*Directions*: Each entry should be duplicated verbatim; its pictures should not be.

[Saved data entries]
┄┄┄┄┄┄

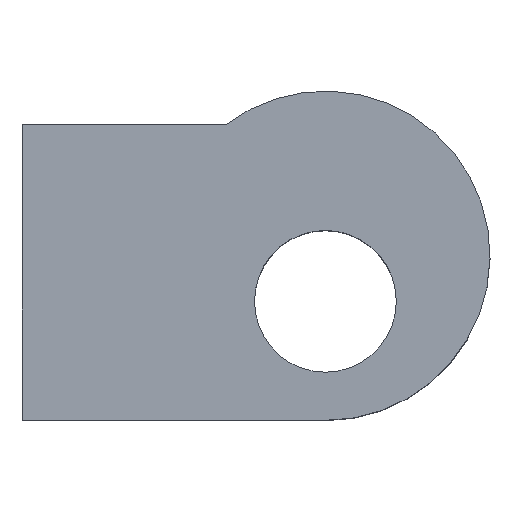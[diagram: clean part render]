
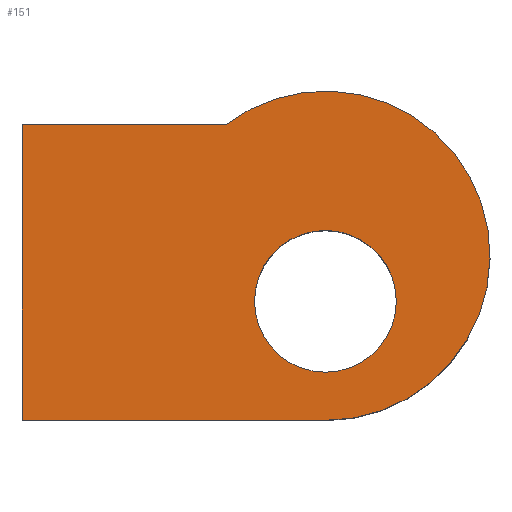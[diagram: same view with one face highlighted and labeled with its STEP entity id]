
A CAD part, top view. The second image highlights one B-rep face of the part: STEP entity #151.
In plain terms, the highlighted planar face has unit normal (0, 0, 1).
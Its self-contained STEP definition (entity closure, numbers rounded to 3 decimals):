
#16=FACE_BOUND('',#42,.T.);
#22=PLANE('',#186);
#31=FACE_OUTER_BOUND('',#41,.T.);
#41=EDGE_LOOP('',(#131,#132,#133,#134));
#42=EDGE_LOOP('',(#135));
#49=LINE('',#253,#61);
#52=LINE('',#259,#64);
#56=LINE('',#269,#68);
#61=VECTOR('',#210,10.);
#64=VECTOR('',#215,10.);
#68=VECTOR('',#227,10.);
#71=CIRCLE('',#178,1.4);
#74=CIRCLE('',#184,3.25);
#77=VERTEX_POINT('',#241);
#81=VERTEX_POINT('',#250);
#82=VERTEX_POINT('',#252);
#84=VERTEX_POINT('',#258);
#86=VERTEX_POINT('',#264);
#90=EDGE_CURVE('',#77,#77,#71,.T.);
#95=EDGE_CURVE('',#82,#81,#49,.T.);
#98=EDGE_CURVE('',#84,#82,#52,.T.);
#101=EDGE_CURVE('',#86,#84,#74,.T.);
#104=EDGE_CURVE('',#81,#86,#56,.T.);
#131=ORIENTED_EDGE('',*,*,#104,.T.);
#132=ORIENTED_EDGE('',*,*,#101,.T.);
#133=ORIENTED_EDGE('',*,*,#98,.T.);
#134=ORIENTED_EDGE('',*,*,#95,.T.);
#135=ORIENTED_EDGE('',*,*,#90,.T.);
#151=ADVANCED_FACE('',(#31,#16),#22,.T.);
#178=AXIS2_PLACEMENT_3D('',#242,#201,#202);
#184=AXIS2_PLACEMENT_3D('',#265,#221,#222);
#186=AXIS2_PLACEMENT_3D('',#270,#228,#229);
#201=DIRECTION('center_axis',(0.,0.,-1.));
#202=DIRECTION('ref_axis',(-1.,0.,0.));
#210=DIRECTION('',(0.,-1.,0.));
#215=DIRECTION('',(-1.,0.,0.));
#221=DIRECTION('center_axis',(0.,0.,1.));
#222=DIRECTION('ref_axis',(1.,0.,0.));
#227=DIRECTION('',(1.,0.,0.));
#228=DIRECTION('center_axis',(0.,0.,1.));
#229=DIRECTION('ref_axis',(1.,0.,0.));
#241=CARTESIAN_POINT('',(3.071,13.5,-3.));
#242=CARTESIAN_POINT('Origin',(1.671,13.5,-3.));
#250=CARTESIAN_POINT('',(-4.319,11.15,-3.));
#252=CARTESIAN_POINT('',(-4.319,16.993,-3.));
#253=CARTESIAN_POINT('',(-4.319,16.993,-3.));
#258=CARTESIAN_POINT('',(-0.289,16.993,-3.));
#259=CARTESIAN_POINT('',(-0.289,16.993,-3.));
#264=CARTESIAN_POINT('',(1.681,11.15,-3.));
#265=CARTESIAN_POINT('Origin',(1.671,14.4,-3.));
#269=CARTESIAN_POINT('',(-4.319,11.15,-3.));
#270=CARTESIAN_POINT('Origin',(0.301,14.366,-3.));

┄┄┄┄┄┄

*Output*:
[diagram: clean part render]
[diagram: same view with one face highlighted and labeled with its STEP entity id]
A CAD part, top view. The second image highlights one B-rep face of the part: STEP entity #151.
In plain terms, the highlighted planar face has unit normal (0, 0, 1).
Its self-contained STEP definition (entity closure, numbers rounded to 3 decimals):
#16=FACE_BOUND('',#42,.T.);
#22=PLANE('',#186);
#31=FACE_OUTER_BOUND('',#41,.T.);
#41=EDGE_LOOP('',(#131,#132,#133,#134));
#42=EDGE_LOOP('',(#135));
#49=LINE('',#253,#61);
#52=LINE('',#259,#64);
#56=LINE('',#269,#68);
#61=VECTOR('',#210,10.);
#64=VECTOR('',#215,10.);
#68=VECTOR('',#227,10.);
#71=CIRCLE('',#178,1.4);
#74=CIRCLE('',#184,3.25);
#77=VERTEX_POINT('',#241);
#81=VERTEX_POINT('',#250);
#82=VERTEX_POINT('',#252);
#84=VERTEX_POINT('',#258);
#86=VERTEX_POINT('',#264);
#90=EDGE_CURVE('',#77,#77,#71,.T.);
#95=EDGE_CURVE('',#82,#81,#49,.T.);
#98=EDGE_CURVE('',#84,#82,#52,.T.);
#101=EDGE_CURVE('',#86,#84,#74,.T.);
#104=EDGE_CURVE('',#81,#86,#56,.T.);
#131=ORIENTED_EDGE('',*,*,#104,.T.);
#132=ORIENTED_EDGE('',*,*,#101,.T.);
#133=ORIENTED_EDGE('',*,*,#98,.T.);
#134=ORIENTED_EDGE('',*,*,#95,.T.);
#135=ORIENTED_EDGE('',*,*,#90,.T.);
#151=ADVANCED_FACE('',(#31,#16),#22,.T.);
#178=AXIS2_PLACEMENT_3D('',#242,#201,#202);
#184=AXIS2_PLACEMENT_3D('',#265,#221,#222);
#186=AXIS2_PLACEMENT_3D('',#270,#228,#229);
#201=DIRECTION('center_axis',(0.,0.,-1.));
#202=DIRECTION('ref_axis',(-1.,0.,0.));
#210=DIRECTION('',(0.,-1.,0.));
#215=DIRECTION('',(-1.,0.,0.));
#221=DIRECTION('center_axis',(0.,0.,1.));
#222=DIRECTION('ref_axis',(1.,0.,0.));
#227=DIRECTION('',(1.,0.,0.));
#228=DIRECTION('center_axis',(0.,0.,1.));
#229=DIRECTION('ref_axis',(1.,0.,0.));
#241=CARTESIAN_POINT('',(3.071,13.5,-3.));
#242=CARTESIAN_POINT('Origin',(1.671,13.5,-3.));
#250=CARTESIAN_POINT('',(-4.319,11.15,-3.));
#252=CARTESIAN_POINT('',(-4.319,16.993,-3.));
#253=CARTESIAN_POINT('',(-4.319,16.993,-3.));
#258=CARTESIAN_POINT('',(-0.289,16.993,-3.));
#259=CARTESIAN_POINT('',(-0.289,16.993,-3.));
#264=CARTESIAN_POINT('',(1.681,11.15,-3.));
#265=CARTESIAN_POINT('Origin',(1.671,14.4,-3.));
#269=CARTESIAN_POINT('',(-4.319,11.15,-3.));
#270=CARTESIAN_POINT('Origin',(0.301,14.366,-3.));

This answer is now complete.